The program follows the relationship between Jean Pargeter and Lionel Hardcastle who were young lovers 40 years ago. She was a nurse and he a soldier when the two were separated by Lionel's posting to Korea. The two lost contact due to circumstance and now re-encounter each other when Lionel returns to England from Kenya where he has been a successful coffee grower. Lionel is writing his memoirs ("My Life in Kenya") and requires secretarial assistance which he secures from an agency run by Jean.

Over the course of 64 episodes we follow the couple's fortunes as they reconnect, fall in love again, and move in together. As we experience the pair's ups and downs, we meet Jean's daughter Judith, Judith's friend and co-worker Sandy, Lionel's young publisher Alistair, and Lionel's father Rocky, a rather energetic senior who has just married the equally energetic Madge. All contribute to a richly vibrant TV family that millions of viewers have come to love over the past 13 years.

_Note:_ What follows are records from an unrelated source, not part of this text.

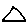
Label: triangle
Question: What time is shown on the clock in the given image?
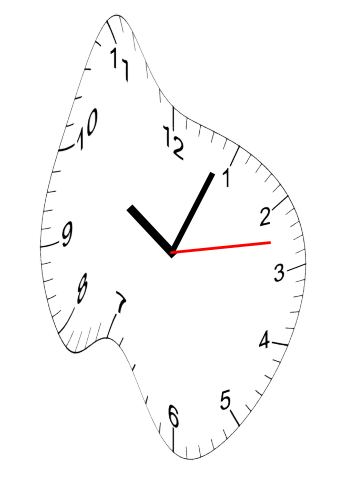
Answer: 10:04:13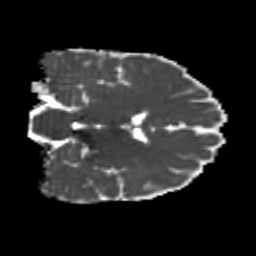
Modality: MD
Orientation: coronal
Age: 20
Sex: male
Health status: healthy
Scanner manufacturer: philips
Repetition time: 7.386 s
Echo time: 0.08599 s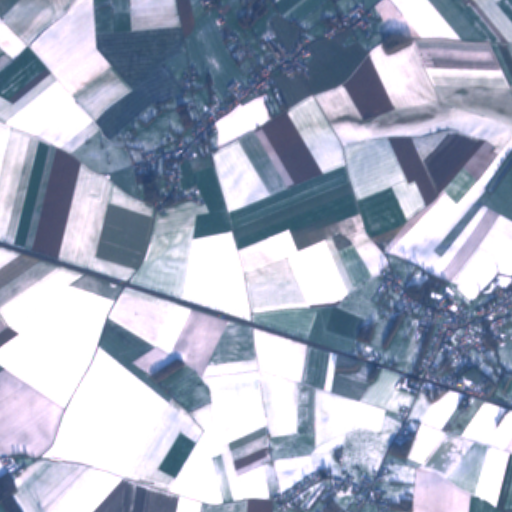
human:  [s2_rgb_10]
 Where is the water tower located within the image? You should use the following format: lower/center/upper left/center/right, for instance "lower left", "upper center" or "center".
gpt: The water tower is located in the lower right of the image.
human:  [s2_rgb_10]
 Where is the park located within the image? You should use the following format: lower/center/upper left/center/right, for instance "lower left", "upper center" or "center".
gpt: There is no park in the image.

As Time Goes By made its first appearance on British television in 1992 with an initial series of 6 episodes. British programs typically don't extend beyond two or three seasons, but this one extended to 9 seasons over the following 10 years. While the program's general appeal lies in the gentle humour that arises in the familiar situations of real life, its specific draw is its refreshing focus on a sixty-ish couple dealing with all the typical issues of a new relationship. What a pleasure it is to see recognition of issues that touch older people, from sex to retirement to financial security to elderly parents and to adult children dealing with their own problems. The main characters of Jean and Lionel are ideally portrayed by Judi Dench and Geoffrey Palmer respectively. Judi Dench displays adept comic timing as one might expect from one of the foremost actresses of the day, but she is matched by Geoffrey Palmer's irascible portrayal. Veteran British comedy viewers will see a very familiar face in Palmer whose skill has graced many series over the past three decades including The Fall and Rise of Reginald Perrin and Butterflies.

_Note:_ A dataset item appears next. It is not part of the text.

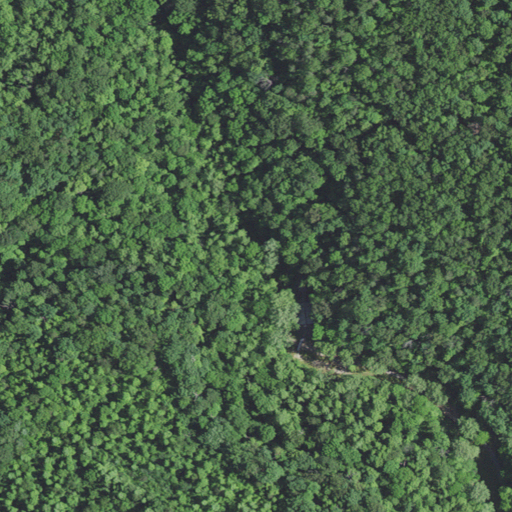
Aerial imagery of depression(s) in Kentucky named Box Canyon containing deciduous forest, mixed forest, evergreen forest, and open development

Series 8 of As Time Goes By (six episodes, made in 2000) begins to show some signs of tiredness as some of the situations are rather routine, but episodes dealing with Lionel's concern over his lack of a pension plan and with the apparent mysteries of dealing with the internet are up to standard. Series 9 (four episodes, made in 2002) basically ties up the loose ends of all the characters' lives and is a fitting conclusion to the program. Each series is presented on the BBC Video DVD on a separate disc and as with all the discs issued to date, demonstrates excellent image quality - sharp, nicely detailed, and with accurate-looking colour. Series 8 is presented mildly letterboxed while series 9 is shown at 1.78:1 and anamorphically enhanced. The Dolby Digital stereo provides a pleasantly realistic audio experience with both fore- and background sounds clearly presented. There are no sub-titles. Extras (appearing on the Series 9 disc) include informative interviews with cast members Geoffrey Palmer, Moira Brooker (Judith), and Philip Bretherton (Alistair) as well as an hour-long special. The latter is somewhat disappointing as it simply presents some new linking material about Lionel writing a follow-up to his autobiography that serves to allow the presentation of clips from the series' early shows. As the wrap-up DVD offering of As Time Goes By, this latest set is a no-brainer for the series' fans. Others should enjoy it equally, but it makes best sense to sample the earlier discs first.

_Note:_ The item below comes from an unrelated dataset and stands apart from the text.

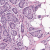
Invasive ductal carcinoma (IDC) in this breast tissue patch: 1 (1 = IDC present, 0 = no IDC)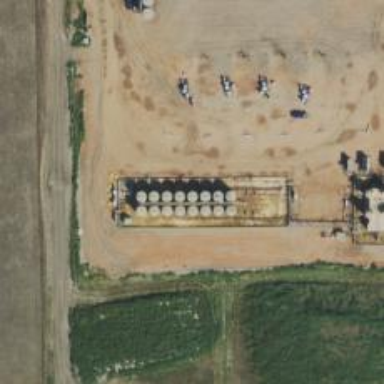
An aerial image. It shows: Storage tank that is man-made.

BBC History of World War II
(released on DVD by BBC Video on July 19th, 2005, distributed by Warner Bros.)

British television is well known for the high quality of its documentaries in general, but none more so than those that deal with events related to World War II. BBC Video has now released a mammoth 12-disc box set that presents ten BBC series that chronicle the key events, places, and personages associated with the war. While the set does cover many aspects of the conflict, it is by no means a definitive visual history of the war. For that, you are best off to try The World at War series narrated by Laurence Olivier and available on DVD from A&E.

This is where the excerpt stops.